Vivian never betrayed weakness. Doing that meant certain death in the courtroom. She prided herself on keeping her emotions on a tight leash. It was part of what made her a formidable opponent. But the second she and Nick kissed it was like a dam had burst, and the tears that rarely showed in her eyes began falling.

This man—a total stranger—had seen a part of her that no one ever saw. The unsure, hesitant, out of her element Vivian, who had to ask for help. And despite that, he’d called her beautiful and been drawn to her enough for them to kiss.

She broke away from Nick and took several steps back. He was still six feet of tall, dark, handsome and tempting as hell. She swiped at her eyes, and tried to still her hammering heart with a deep breath. What is wrong with me?

There was nothing wrong with the kiss—that had been phenomenal. Tender, slow and easy, as if she was a dessert he wanted to savor. The scent of the food he’d been cooking—buttery and as warm and comforting as an early-fall day—lingered in the space between them. She had the most insane urge to put her head on his chest.

“I’m sorry,” she said, the words giving her a moment to center herself, bring her heart and mind back to the world of common sense. A world where she didn’t feel completely overwhelmed by a three-month-old and a dark-haired man with espresso eyes who called her beautiful. “I don’t normally cry.”

“I’m the one who should be apologizing. I thought…” He shook his head and managed to look both embarrassed and contrite at the same time. “Argh. I’m sorry.”

“No, no, it’s not that. I didn’t cry because we kissed. I cried because…” Because you saw a side of me I never let anyone see. Because you reminded me of what I’ve put to the side time and time again in my life. Because for a brief second, I was caught in a different world. She didn’t say any of that out loud. Instead, she resorted to a half-truth. “I’m stressed. I just…for the first time in my life, I don’t know what to do.”

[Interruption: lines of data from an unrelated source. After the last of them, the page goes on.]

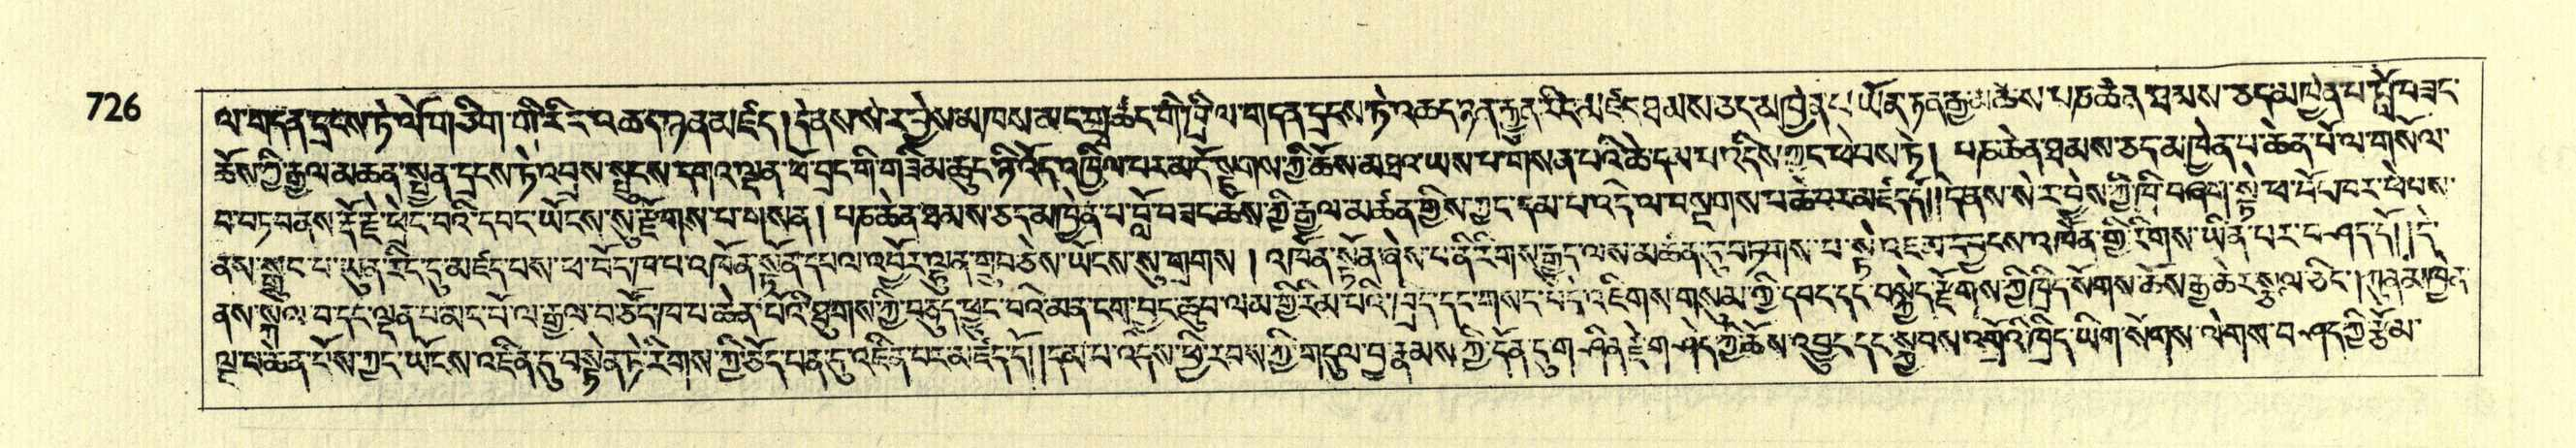ལ་གདན་དྲངས་ཏེ་ལོ་གཅིག་གི་རིང་འཆད་ཉན་མཛད། དེ་ནས་སེར་བྱེས་མཁས་མང་གྲྭ་ཚང་གི་ཁྲི་ལ་གདན་དྲངས་ཏེ་འཆད་ཉན་རྒྱུན་རིང་མཛད་ཐམས་ཅད་མཁྱེན་པ་ཡོན་ཏན་རྒྱ་མཚོས་པཎ་ཆེན་ཐམས་ཅད་མཁྱེན་པ་བློ་བཟང་
ཆོས་ཀྱི་རྒྱལ་མཚན་སྤྱན་དྲངས་ཏེ་འབྲས་སྤུངས་དགའ་ལྡན་ཕོ་བྲང་གི་གཟིམ་ཆུང་ཉི་འོད་འཁྱིལ་པར་མདོ་སྔགས་ཀྱི་ཆོས་མཐའ་ཡས་པ་གསན་པའི་ཆེ་དམ་པ་འདིས་ཀྱང་ཕེབས་ཏེ། པཎ་ཆེན་ཐམས་ཅད་མཁྱེན་པ་ཆེན་པོ་ལ་གསོལ་
བ་བཏབ་ནས་རྡོ་རྗེ་ཕྲེང་བའི་དབང་ཡོངས་སུ་རྫོགས་པ་གསན། པཎ་ཆེན་ཐམས་ཅད་མཁྱེན་པ་བློ་བཟང་ཆོས་ཀྱི་རྒྱལ་མཚན་གྱིས་ཀྱང་དམ་པ་འདི་ལ་བསྔགས་པ་ཆེ་བར་མཛད་དོ། །དེ་ནས་སེ་ར་བྱེས་ཀྱི་ཁྲི་བཞག་སྟེ་ཕ་བོང་ཁར་ཕེབས་
ནས་བསྒྲུབ་པ་ཡུན་རིང་དུ་མཛད་པས་ཕ་བོད་ཁ་བ་འཁོན་སྟོན་དཔལ་འབྱོར་ལྷུན་གྲུབ་ཅེས་ཡོངས་སུ་གྲགས། འཁོན་སྟོན་ཞེས་པ་ནི་རིགས་རྒྱུད་ལས་མཚན་དུ་བཏགས་པ་སྟེ་འཇམ་དབྱངས་འཁོན་གྱི་རིགས་ཡིན་པར་བཤད་དོ། །དེ་
ནས་སྐལ་བ་དང་ལྡན་པ་མང་པོ་ལ་རྒྱལ་བ་ཙོང་ཁ་པ་ཆེན་པོའི་ཐུགས་ཀྱི་བཅུད་ཕུང་བའི་མན་ངག་བྱང་ཆུབ་ལམ་གྱི་རིམ་པའི་ཁྲིད་དང་གསང་བདེ་འཇིགས་གསུམ་གྱི་དབང་དང་བསྐྱེད་རྫོགས་ཀྱི་ཁྲིད་སོགས་ཆོས་རྒྱ་ཆེར་སྩལ་ཅིང་། ཀུན་མཁྱེན་
ལྔ་པ་ཆེན་པོས་ཀྱང་ཡོངས་འཛིན་དུ་བསྟེན་ཏེ་རིགས་ཀྱི་ཅོད་པན་དུ་འཛིན་པར་མཛད་དོ། །དམ་པ་འདིས་ཕྱི་རབས་ཀྱི་གདུལ་བྱ་རྣམས་ཀྱི་དོན་དུ་གཤིན་རྗེ་གཤེད་ཀྱི་ཆོས་འབྱུང་དང་སྐྱབས་འགྲོའི་ཁྲིད་ཡིག་སོགས་ལེགས་བཤད་ཀྱི་རྩོམ་

She sighed and dropped onto the sofa. Easier to do that than to look at Nick and wish he would kiss her again. Maybe she’d been working too much or maybe it had been the you’re beautiful, or the fact that she was so far out of her comfort zone with Ellie it might as well be another planet, but right now, Vivian felt as vulnerable as a fawn in an open meadow. That was not a place she liked to be. The walls she had erected decades ago crumbled a little, and everything inside her was trying to shore them up again, but it was like bracing against a tidal wave with a piece of cardboard.

Ellie had woken and was staring up at Vivian with that “do something, Aunt Viv” look. What could Vivian do? She was in such deep water that she was sure she’d drown and screw this up. Ellie needed a mother, not an aunt who was more comfortable with a deposition than a diaper. “I have a new client who is depending on me to go after this shoddy equipment manufacturer. I need to prepare for a potential trial, which means hours and hours and late nights and weekends of work. My apartment is in the middle of a total renovation. I don’t have room or time for a baby. But I don’t want to hire a stranger to watch Ellie, because…” She shook her head. Where were all these tears coming from? What was wrong with her?

Nick sat beside her. “Because what?” he asked, his voice soft, gentle. And another chink in those walls opened.

“Because Sammie and I spent our lives with strangers and we swore that when we grew up, we would never do that to our kids.” The words came out in a whisper, words that edged along the secrets Vivian had kept close to her heart all her life. The vulnerabilities she hid behind the suits and the heels and the attitude.

Her childhood had been spent moving from one house to another, as her mother got sober, fell off the wagon, got sober again, a hamster wheel of changes. Some foster homes had been great, others had bordered on nightmarish. There’d been people who had refused to feed her unless she finished an endless list of chores. Foster parents who believed a belt was the best means of communication. Families she loved and said goodbye to before she could spend more than a handful of weeks there, the happiness she’d had with them just a fleeting mirage. Living her life out of grocery sacks and someone’s worn, discarded luggage. Long before the roller coaster of foster care began, Vivian had taken one look at Sammie, so thin and scared and frail, and vowed to be the one person her little sister could depend on, the one person who would never leave her. It had taken a lot of fighting with the system and the rules, but Viv had done her best to keep her promise, until she’d graduated high school and gone on to college. She’d made the mistake of thinking Sammie would be okay once she was out on her own. Viv had been wrong.

Maybe it was being in this town again, in the same place where Viv had learned to roller skate and where she’d found out she hated beets but loved pancakes for dinner on Thursday nights that had her emotions running high.

“Then don’t do it. Don’t hire a stranger.”

She glanced at Nick. “What are you talking about? I have to do my job, and I can’t just leave Ellie home alone with the cabinet installers. Yes, they’re strangers, but there’s a day care at the office. It’s not like she’s going to be alone.”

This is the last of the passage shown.